Correct method for hiding production site from search engines

Hey guys,

Got a site where the client wants to hide the site from search engines, but have the site live still prior to launching their product.

I tried adding the following to the config/application.php file with the other custom settings:
Config::define('DISALLOW_INDEXING', false);

However the robots.txt file is still showing the following on production:

User-agent: *
Disallow: /wp-admin/
Disallow: /*s=*
Disallow: /xmlrpc.php
Allow: /wp-admin/admin-ajax.php

I tested and can also confirm that the constant DISALLOW_INDEXING is showing as true on the website, however the hide from search engines option was unticked and the robots.txt file remained as above. Also ticking hide my site also appears to not change the robots.txt file.

For now I’ve manually created a robots.txt file and threw in a robots meta tag for good measure, but what is the correct process for this?
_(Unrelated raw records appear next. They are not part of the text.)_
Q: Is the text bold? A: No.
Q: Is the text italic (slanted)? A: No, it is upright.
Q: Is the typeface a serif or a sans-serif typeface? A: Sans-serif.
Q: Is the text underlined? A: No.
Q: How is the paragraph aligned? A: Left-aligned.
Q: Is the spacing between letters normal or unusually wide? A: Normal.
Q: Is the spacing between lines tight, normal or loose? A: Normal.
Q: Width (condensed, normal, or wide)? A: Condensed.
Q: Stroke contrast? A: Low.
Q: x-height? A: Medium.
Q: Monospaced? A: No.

@Steve_de_Niese Did you ever find a more automated ‘Trellis-based’ solution, or have you stuck with the manually edited robots.txt file? I’ve got a client that needs the production server not to be indexed. Thanks!

I’ve added the robots_tag_header config in ./group_vars/production/wordpress_sites.yml and have re-provisioned the server.

  enabled: true

This adds the X-Robots-Tag header line if set to true in ./trellis/roles/wordpress-setup/templates/wordpress-site.conf.j2

{% block robots_tag_header -%}
  {% if robots_tag_header_enabled -%}
  # Prevent search engines from indexing non-production environments
  add_header X-Robots-Tag "noindex, nofollow" always;

  {% endif -%}
  {% endblock -%}

This added the line to the site’s NGINX conf file:

add_header X-Robots-Tag "noindex, nofollow" always;

Hope this helps.

@Steve_de_Niese if you want to hide contents from search engines, you need to forget the robots.txt for the moment.

First, you must tag your pages as noindex: if you prevent search engines from crawling your website (using robots.txt) they cannot remove indexed pages from their index. You could try adding a meta tag <meta name="robots" content="noindex, nofollow"> into your HTML pages or you can add a meta x-robots tag through NGINX or Apache or LiteSpeed (your web server).

For example:

X-Robots-Tag: noindex, nofollow, nosnippet, noarchive

My two cents here: I prefer using an under-construction plugin. This will show an under-construction/maintenance page/message to non-logged in visitors, while logged in users can view and interact with the site.

If you want a site that is parallel to the production site and should be used for previewing, this would be a candidate for a staging site. Bedrock sites already include the Bedrock Disallow Indexing plugin that disallow indexing when the DISALLOW_INDEXING constant is true (which is the case for staging and development environment configs in Bedrock sites):
GitHub - roots/bedrock-disallow-indexing: Disallow indexing of your site on non-production environments.